Instructions to follow: Omit the pictures and return exactly the stretch of the material below from the line with "#1441 = EDGE_CURVE" through the line with "Bounding box: 61.25 x 40 x 93.5 mm (x, y, z)".

# # # #

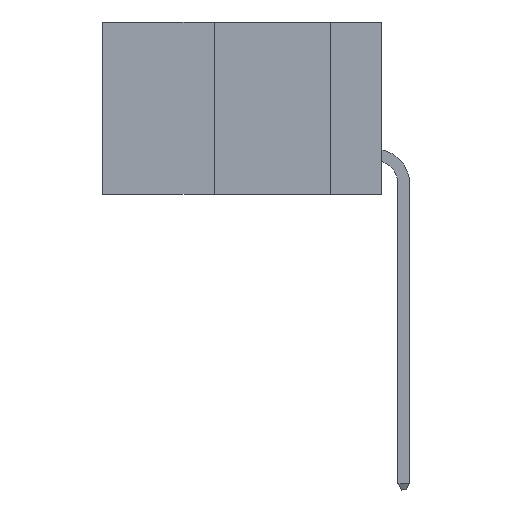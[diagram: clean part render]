
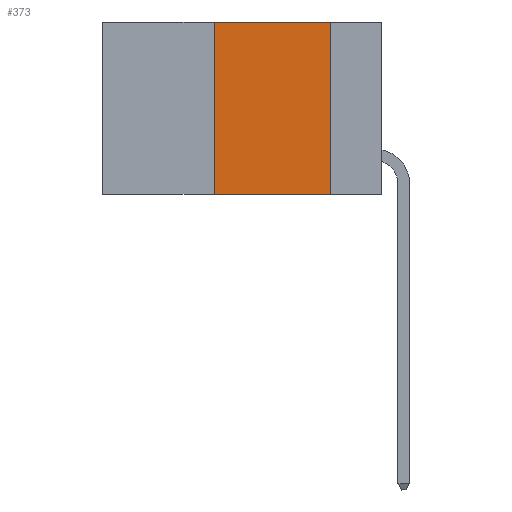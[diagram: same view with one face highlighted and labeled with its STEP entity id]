
A CAD part, left-side view. The second image highlights one B-rep face of the part: STEP entity #373.
In plain terms, the highlighted planar face has unit normal (-1, 0, 0).
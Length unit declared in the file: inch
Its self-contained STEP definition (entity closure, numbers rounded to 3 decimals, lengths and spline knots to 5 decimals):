
#30 = CARTESIAN_POINT ( 'NONE',  ( 0., 0.11, -0.37 ) ) ;
#265 = CARTESIAN_POINT ( 'NONE',  ( 0., 0.6, -0.37 ) ) ;
#300 = EDGE_CURVE ( 'NONE', #2054, #7235, #8201, .T. ) ;
#373 = ADVANCED_FACE ( 'NONE', ( #6918 ), #7895, .F. ) ;
#745 = VECTOR ( 'NONE', #7719, 39.37008 ) ;
#1177 = ORIENTED_EDGE ( 'NONE', *, *, #7344, .F. ) ;
#1441 = EDGE_CURVE ( 'NONE', #3139, #7235, #5270, .T. ) ;
#1574 = DIRECTION ( 'NONE',  ( 0., 0., -1. ) ) ;
#1755 = DIRECTION ( 'NONE',  ( 0., -1., 0. ) ) ;
#2000 = CARTESIAN_POINT ( 'NONE',  ( 0., 0.6, 0. ) ) ;
#2054 = VERTEX_POINT ( 'NONE', #8277 ) ;
#2059 = VECTOR ( 'NONE', #9284, 39.37008 ) ;
#2400 = CARTESIAN_POINT ( 'NONE',  ( 0., 0.11, 0. ) ) ;
#2688 = CARTESIAN_POINT ( 'NONE',  ( 0., 0.36, 0. ) ) ;
#2937 = DIRECTION ( 'NONE',  ( 1., 0., 0. ) ) ;
#3139 = VERTEX_POINT ( 'NONE', #2400 ) ;
#3343 = CARTESIAN_POINT ( 'NONE',  ( 0., 0.11, 0. ) ) ;
#3919 = CARTESIAN_POINT ( 'NONE',  ( 0., 0.36, 0. ) ) ;
#5270 = LINE ( 'NONE', #3343, #6576 ) ;
#5629 = EDGE_LOOP ( 'NONE', ( #7462, #8362, #1177, #7625 ) ) ;
#6576 = VECTOR ( 'NONE', #1574, 39.37008 ) ;
#6918 = FACE_OUTER_BOUND ( 'NONE', #5629, .T. ) ;
#7235 = VERTEX_POINT ( 'NONE', #30 ) ;
#7344 = EDGE_CURVE ( 'NONE', #2054, #10211, #7543, .T. ) ;
#7462 = ORIENTED_EDGE ( 'NONE', *, *, #1441, .F. ) ;
#7543 = LINE ( 'NONE', #2688, #745 ) ;
#7625 = ORIENTED_EDGE ( 'NONE', *, *, #300, .T. ) ;
#7719 = DIRECTION ( 'NONE',  ( 0., 0., 1. ) ) ;
#7849 = DIRECTION ( 'NONE',  ( 0., 0., -1. ) ) ;
#7895 = PLANE ( 'NONE',  #10581 ) ;
#8201 = LINE ( 'NONE', #265, #2059 ) ;
#8277 = CARTESIAN_POINT ( 'NONE',  ( 0., 0.36, -0.37 ) ) ;
#8362 = ORIENTED_EDGE ( 'NONE', *, *, #9977, .F. ) ;
#8689 = VECTOR ( 'NONE', #1755, 39.37008 ) ;
#9280 = CARTESIAN_POINT ( 'NONE',  ( 0., 0.6, 0. ) ) ;
#9284 = DIRECTION ( 'NONE',  ( 0., -1., 0. ) ) ;
#9969 = LINE ( 'NONE', #9280, #8689 ) ;
#9977 = EDGE_CURVE ( 'NONE', #10211, #3139, #9969, .T. ) ;
#10211 = VERTEX_POINT ( 'NONE', #3919 ) ;
#10581 = AXIS2_PLACEMENT_3D ( 'NONE', #2000, #2937, #7849 ) ;
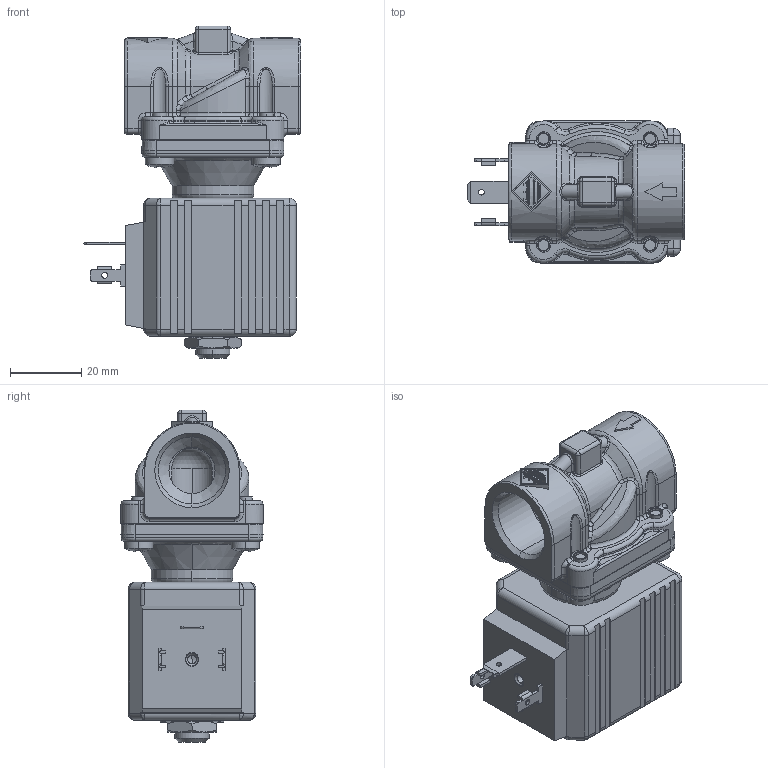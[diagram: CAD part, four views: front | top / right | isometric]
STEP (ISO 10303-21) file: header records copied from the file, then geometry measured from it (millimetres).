
FILE_DESCRIPTION((''),'2;1');
FILE_NAME('21H8KB120_UDA_ASM','2015-06-03T',('manzoniste'),('O.D.E.'),'PRO/ENGINEER BY PARAMETRIC TECHNOLOGY CORPORATION, 2011410','PRO/ENGINEER BY PARAMETRIC TECHNOLOGY CORPORATION, 2011410','');
FILE_SCHEMA(('CONFIG_CONTROL_DESIGN','SHAPE_APPEARANCE_LAYERS_GROUPS'));
Products named in the file (1): 21H8KB120_UDA_ASM
Bounding box: 61.25 x 40 x 93.5 mm (x, y, z)
Volume: 46395.6 mm3; surface area: 54060.2 mm2
Topology: 1 solids, 10 shells, 1455 faces, 3896 edges, 2410 vertices
Faces by surface type: plane 706, cylinder 377, torus 121, cone 108, bspline 90, sphere 53
Entity records: 60042 total; most frequent: CARTESIAN_POINT 13939, ORIENTED_EDGE 7660, DIRECTION 7506, EDGE_CURVE 3850, AXIS2_PLACEMENT_3D 2690, VERTEX_POINT 2410, VECTOR 2126, LINE 2126
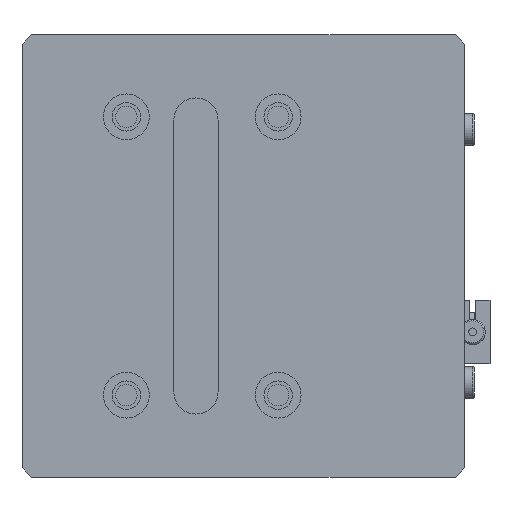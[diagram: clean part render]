
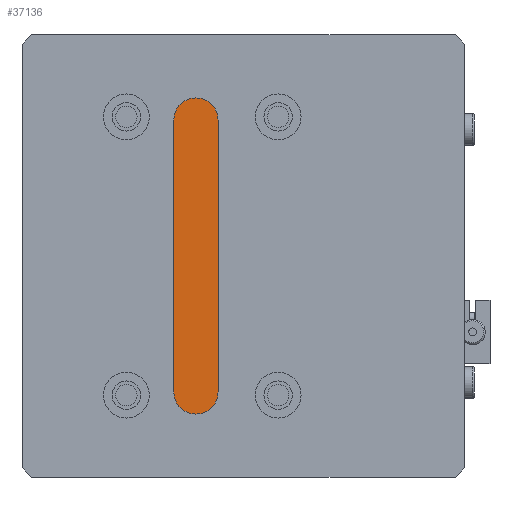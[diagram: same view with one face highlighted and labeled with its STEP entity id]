
A CAD part, front view. The second image highlights one B-rep face of the part: STEP entity #37136.
In plain terms, the highlighted face is planar.
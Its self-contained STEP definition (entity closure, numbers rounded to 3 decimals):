
#1325 = CARTESIAN_POINT ( 'NONE',  ( 15.14, 51.126, 117. ) ) ;
#6314 = CARTESIAN_POINT ( 'NONE',  ( 15.14, 51.126, 117. ) ) ;
#6678 = EDGE_CURVE ( 'NONE', #56892, #35832, #30214, .T. ) ;
#7839 = DIRECTION ( 'NONE',  ( -1., 0., 0. ) ) ;
#9834 = DIRECTION ( 'NONE',  ( 0., 0., -1. ) ) ;
#13298 = DIRECTION ( 'NONE',  ( 0., 0., -1. ) ) ;
#18457 = CARTESIAN_POINT ( 'NONE',  ( 15.14, -34.874, 117. ) ) ;
#19028 = CARTESIAN_POINT ( 'NONE',  ( 1.14, 51.126, 117. ) ) ;
#21719 = DIRECTION ( 'NONE',  ( 0., -1., 0. ) ) ;
#21950 = EDGE_LOOP ( 'NONE', ( #56281, #42475, #60051, #54044 ) ) ;
#22888 = CARTESIAN_POINT ( 'NONE',  ( 8.14, 51.126, 117. ) ) ;
#24320 = AXIS2_PLACEMENT_3D ( 'NONE', #22888, #13298, #42687 ) ;
#24871 = DIRECTION ( 'NONE',  ( 0., 1., 0. ) ) ;
#24977 = AXIS2_PLACEMENT_3D ( 'NONE', #39632, #9834, #38988 ) ;
#27879 = EDGE_CURVE ( 'NONE', #37339, #56892, #30875, .T. ) ;
#28250 = CARTESIAN_POINT ( 'NONE',  ( 8.14, 51.126, 117. ) ) ;
#28469 = DIRECTION ( 'NONE',  ( 0., 0., -1. ) ) ;
#30214 = CIRCLE ( 'NONE', #64242, 7. ) ;
#30875 = LINE ( 'NONE', #19028, #48799 ) ;
#35832 = VERTEX_POINT ( 'NONE', #6314 ) ;
#36097 = CARTESIAN_POINT ( 'NONE',  ( 1.14, 51.126, 117. ) ) ;
#37136 = ADVANCED_FACE ( 'NONE', ( #48220 ), #43121, .T. ) ;
#37339 = VERTEX_POINT ( 'NONE', #58559 ) ;
#38988 = DIRECTION ( 'NONE',  ( -1., 0., 0. ) ) ;
#39632 = CARTESIAN_POINT ( 'NONE',  ( 8.14, -34.874, 117. ) ) ;
#42475 = ORIENTED_EDGE ( 'NONE', *, *, #58504, .T. ) ;
#42687 = DIRECTION ( 'NONE',  ( 1., 0., 0. ) ) ;
#43121 = PLANE ( 'NONE',  #24320 ) ;
#48220 = FACE_OUTER_BOUND ( 'NONE', #21950, .T. ) ;
#48799 = VECTOR ( 'NONE', #24871, 1000. ) ;
#50681 = LINE ( 'NONE', #1325, #55362 ) ;
#54044 = ORIENTED_EDGE ( 'NONE', *, *, #27879, .T. ) ;
#54532 = VERTEX_POINT ( 'NONE', #18457 ) ;
#55362 = VECTOR ( 'NONE', #21719, 1000. ) ;
#56281 = ORIENTED_EDGE ( 'NONE', *, *, #6678, .T. ) ;
#56892 = VERTEX_POINT ( 'NONE', #36097 ) ;
#58504 = EDGE_CURVE ( 'NONE', #35832, #54532, #50681, .T. ) ;
#58559 = CARTESIAN_POINT ( 'NONE',  ( 1.14, -34.874, 117. ) ) ;
#59467 = EDGE_CURVE ( 'NONE', #54532, #37339, #60209, .T. ) ;
#60051 = ORIENTED_EDGE ( 'NONE', *, *, #59467, .T. ) ;
#60209 = CIRCLE ( 'NONE', #24977, 7. ) ;
#64242 = AXIS2_PLACEMENT_3D ( 'NONE', #28250, #28469, #7839 ) ;

# # # #

Reply:
#1441 = EDGE_CURVE ( 'NONE', #3139, #7235, #5270, .T. ) ;
#1574 = DIRECTION ( 'NONE',  ( 0., 0., -1. ) ) ;
#1755 = DIRECTION ( 'NONE',  ( 0., -1., 0. ) ) ;
#2000 = CARTESIAN_POINT ( 'NONE',  ( 0., 0.6, 0. ) ) ;
#2054 = VERTEX_POINT ( 'NONE', #8277 ) ;
#2059 = VECTOR ( 'NONE', #9284, 39.37008 ) ;
#2400 = CARTESIAN_POINT ( 'NONE',  ( 0., 0.11, 0. ) ) ;
#2688 = CARTESIAN_POINT ( 'NONE',  ( 0., 0.36, 0. ) ) ;
#2937 = DIRECTION ( 'NONE',  ( 1., 0., 0. ) ) ;
#3139 = VERTEX_POINT ( 'NONE', #2400 ) ;
#3343 = CARTESIAN_POINT ( 'NONE',  ( 0., 0.11, 0. ) ) ;
#3919 = CARTESIAN_POINT ( 'NONE',  ( 0., 0.36, 0. ) ) ;
#5270 = LINE ( 'NONE', #3343, #6576 ) ;
#5629 = EDGE_LOOP ( 'NONE', ( #7462, #8362, #1177, #7625 ) ) ;
#6576 = VECTOR ( 'NONE', #1574, 39.37008 ) ;
#6918 = FACE_OUTER_BOUND ( 'NONE', #5629, .T. ) ;
#7235 = VERTEX_POINT ( 'NONE', #30 ) ;
#7344 = EDGE_CURVE ( 'NONE', #2054, #10211, #7543, .T. ) ;
#7462 = ORIENTED_EDGE ( 'NONE', *, *, #1441, .F. ) ;
#7543 = LINE ( 'NONE', #2688, #745 ) ;
#7625 = ORIENTED_EDGE ( 'NONE', *, *, #300, .T. ) ;
#7719 = DIRECTION ( 'NONE',  ( 0., 0., 1. ) ) ;
#7849 = DIRECTION ( 'NONE',  ( 0., 0., -1. ) ) ;
#7895 = PLANE ( 'NONE',  #10581 ) ;
#8201 = LINE ( 'NONE', #265, #2059 ) ;
#8277 = CARTESIAN_POINT ( 'NONE',  ( 0., 0.36, -0.37 ) ) ;
#8362 = ORIENTED_EDGE ( 'NONE', *, *, #9977, .F. ) ;
#8689 = VECTOR ( 'NONE', #1755, 39.37008 ) ;
#9280 = CARTESIAN_POINT ( 'NONE',  ( 0., 0.6, 0. ) ) ;
#9284 = DIRECTION ( 'NONE',  ( 0., -1., 0. ) ) ;
#9969 = LINE ( 'NONE', #9280, #8689 ) ;
#9977 = EDGE_CURVE ( 'NONE', #10211, #3139, #9969, .T. ) ;
#10211 = VERTEX_POINT ( 'NONE', #3919 ) ;
#10581 = AXIS2_PLACEMENT_3D ( 'NONE', #2000, #2937, #7849 ) ;
[diagram: CAD part, four views: front | top / right | isometric]
STEP (ISO 10303-21) file: header records copied from the file, then geometry measured from it (millimetres).
FILE_DESCRIPTION((''),'2;1');
FILE_NAME('21H8KB120_UDA_ASM','2015-06-03T',('manzoniste'),('O.D.E.'),'PRO/ENGINEER BY PARAMETRIC TECHNOLOGY CORPORATION, 2011410','PRO/ENGINEER BY PARAMETRIC TECHNOLOGY CORPORATION, 2011410','');
FILE_SCHEMA(('CONFIG_CONTROL_DESIGN','SHAPE_APPEARANCE_LAYERS_GROUPS'));
Products named in the file (1): 21H8KB120_UDA_ASM
Bounding box: 61.25 x 40 x 93.5 mm (x, y, z)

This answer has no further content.